The present disclosure relates generally to coatings, and more specifically to coating systems to reduce erosion and corrosion in gas turbine engines.

BACKGROUND

Gas turbine engines are used to power aircraft, watercraft, power generators, and the like. Gas turbine engines typically include a compressor, a combustor, and a turbine. The compressors and turbine of the turbine engine can include turbine disks or turbine shafts, as well as a number of blades mounted to the turbine disks/shafts that extend radially outwardly therefrom into the gas flow path. Also included in the turbine engine are rotating, as well as static, seal elements that channel the airflow used for cooling certain components such as turbine blades and vanes. The airflow channeled by these rotating, as well as static, seal elements carry corrodant deposits to the turbine blades. As the maximum operating temperature of the turbine engine increases, the turbine blades are subjected to higher temperatures. Debris entering the engine can present issues for the compressor and other components.
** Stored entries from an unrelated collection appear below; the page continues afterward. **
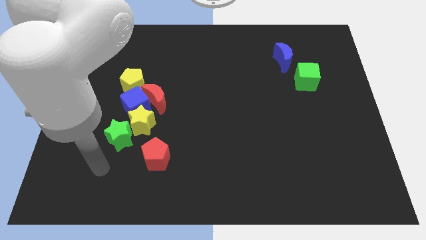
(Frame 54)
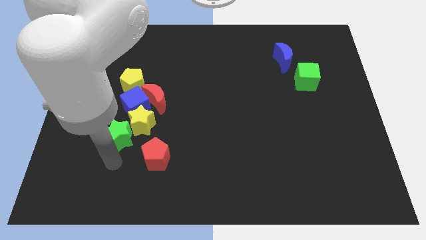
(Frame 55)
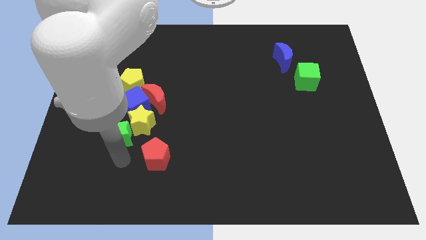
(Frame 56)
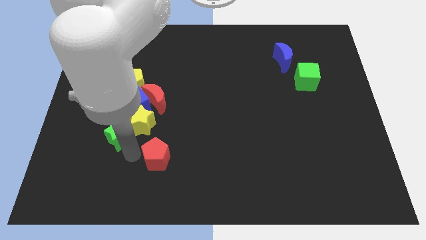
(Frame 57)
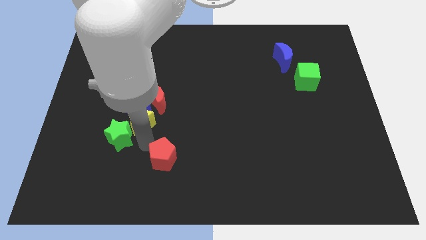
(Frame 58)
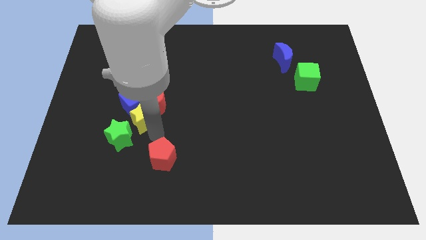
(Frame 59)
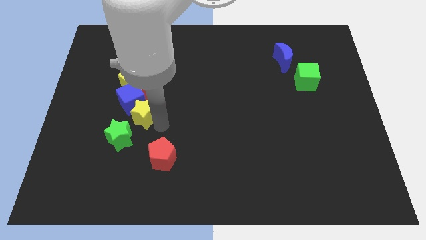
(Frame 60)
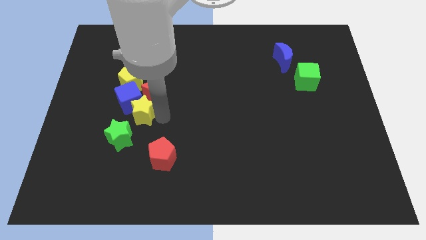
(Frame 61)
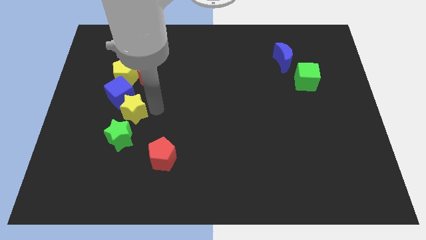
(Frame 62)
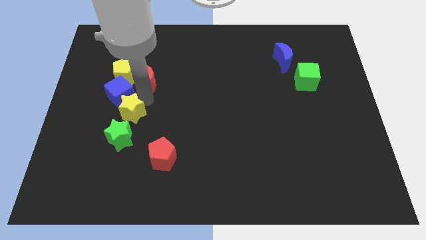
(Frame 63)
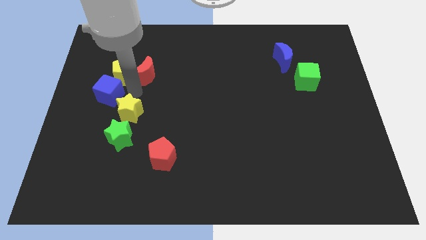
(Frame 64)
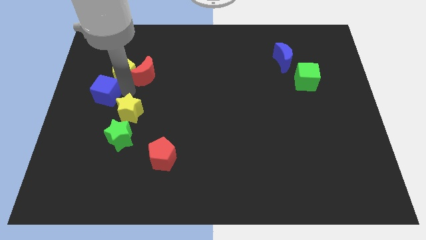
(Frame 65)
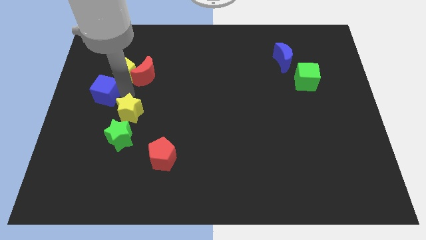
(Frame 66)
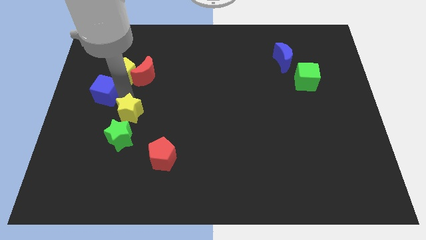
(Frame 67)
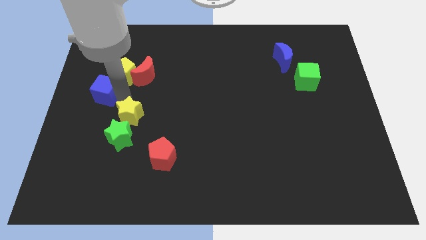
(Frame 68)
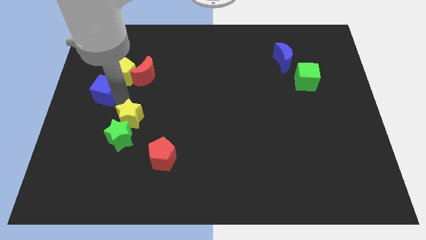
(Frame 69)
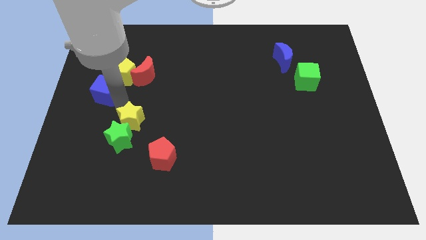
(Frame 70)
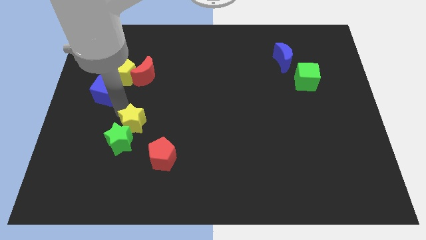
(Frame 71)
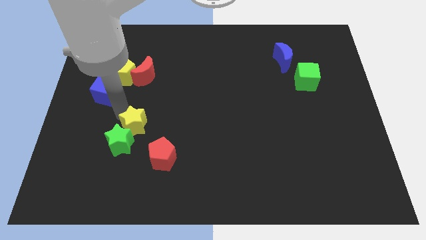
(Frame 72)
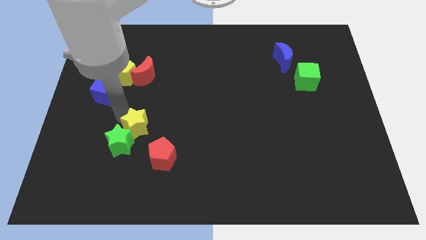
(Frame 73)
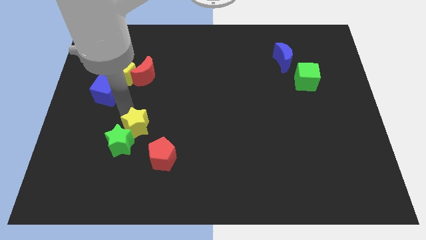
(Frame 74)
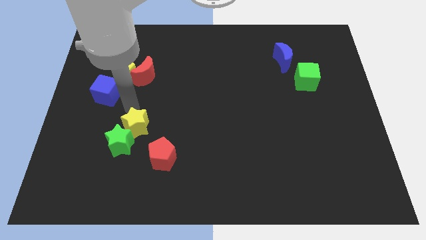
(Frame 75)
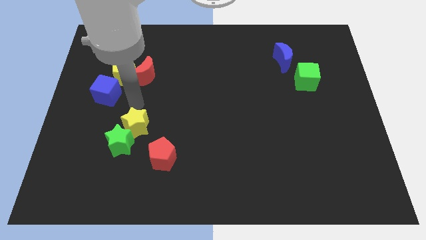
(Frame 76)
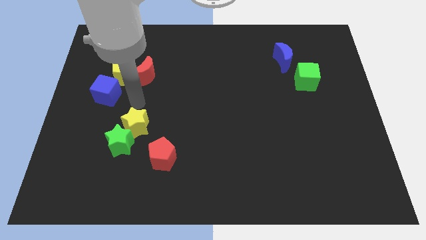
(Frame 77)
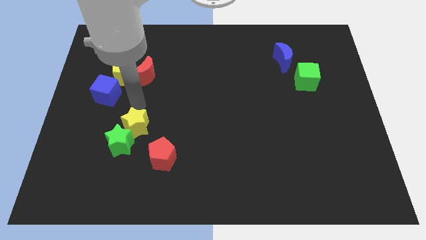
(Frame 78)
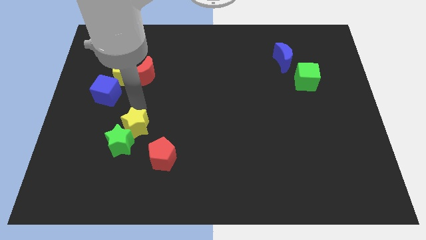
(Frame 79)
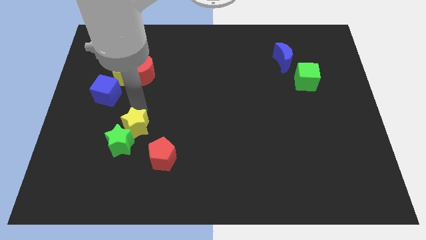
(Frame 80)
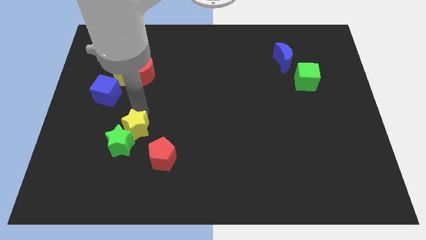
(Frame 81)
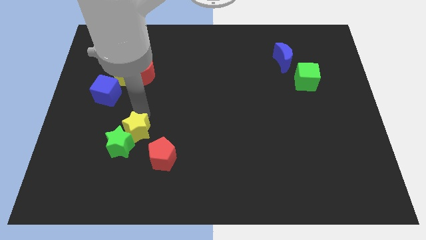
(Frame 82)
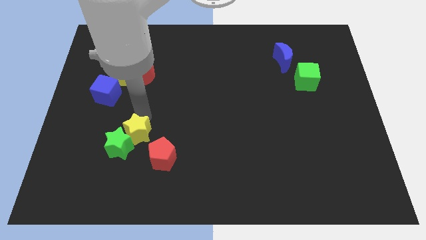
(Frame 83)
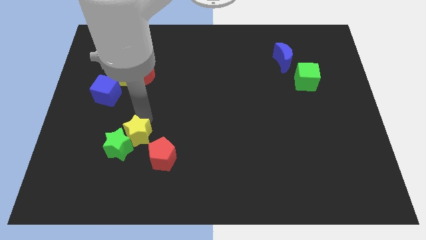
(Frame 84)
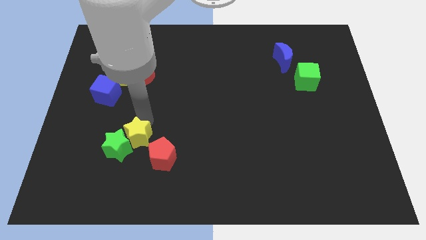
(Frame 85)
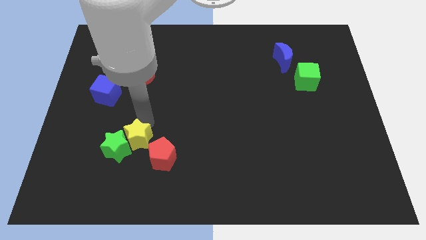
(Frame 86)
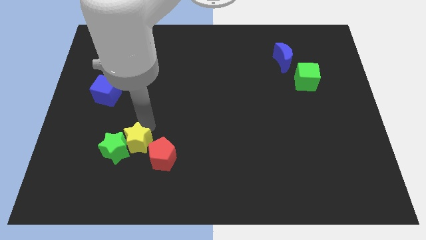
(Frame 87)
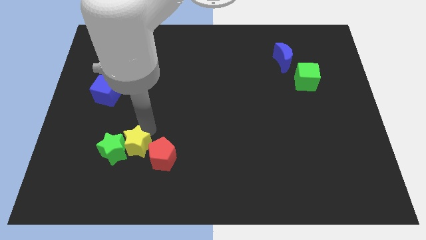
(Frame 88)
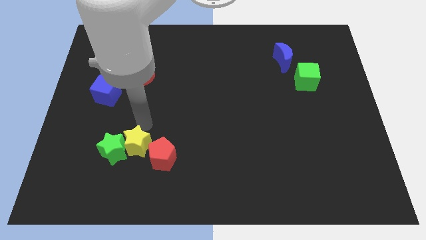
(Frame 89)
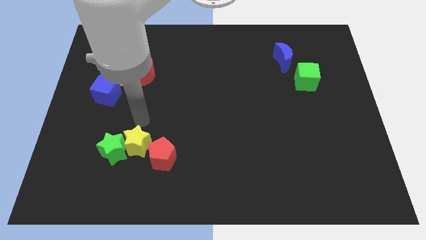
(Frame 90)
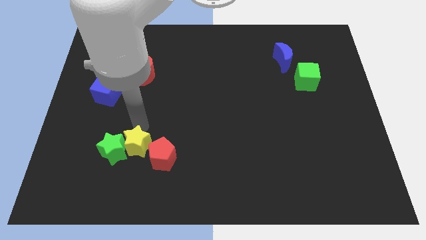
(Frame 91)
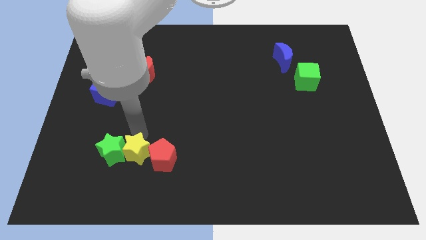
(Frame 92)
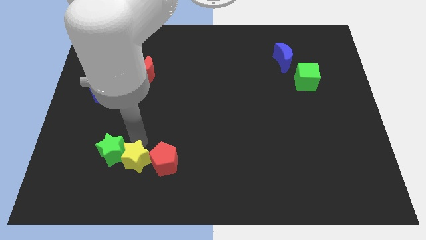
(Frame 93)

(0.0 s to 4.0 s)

Alkaline sulfate, sulfites, chlorides, carbonates, oxides, and other corrodant salt deposits can be sources of erosion and corrosion. In addition, ingested dirt, fly ash, volcanic ash, concrete dust, sand, sea salt, etc. are a major source of erosion. This can lead to failure or premature removal and replacement of the compressor blades unless the damage is reduced or repaired. Conventional plasma vapor deposition (PVD) processes such as cathodic arc and E-beam PVD are widely used methods for depositing erosion resistant coatings on the airfoils of compressor blades and vanes. However, PVD processes such as cathodic arc and E-beam PVD typically introduce high residual stress on the leading edge of the compressor airfoils during the coating process. When high residual stress from the coating process is coupled with out-of-plane stress from the leading edge geometry and thermal expansion mismatch between coating and substrate, it can result in coating spallation in the as-coated condition providing insufficient leading edge erosion protection.

Coating methods and coating compositions for compressor blades and vanes that provide high angle solid particle erosion protection on the leading edge of compressor airfoils are desired. Coating methods and coating compositions that also provide lower angle solid particle erosion protection on the concave and convex sides of the airfoils are desired.

SUMMARY

The present application discloses one or more of the features recited in the appended claims and/or the following features which, alone or in any combination, may comprise patentable subject matter.

A coating system in accordance with the present disclosure may include the application of an erosion resistant coating to a portion of a gas turbine engine blade. In some embodiments, the coating may be applied to a preselected exterior surface of the airfoil blades. The coating may be applied to the leading edge surface of the airfoil to increase the erosion resistance of the leading edge. The coating may also be applied to the concave side surface, the convex side surface, or combinations thereof.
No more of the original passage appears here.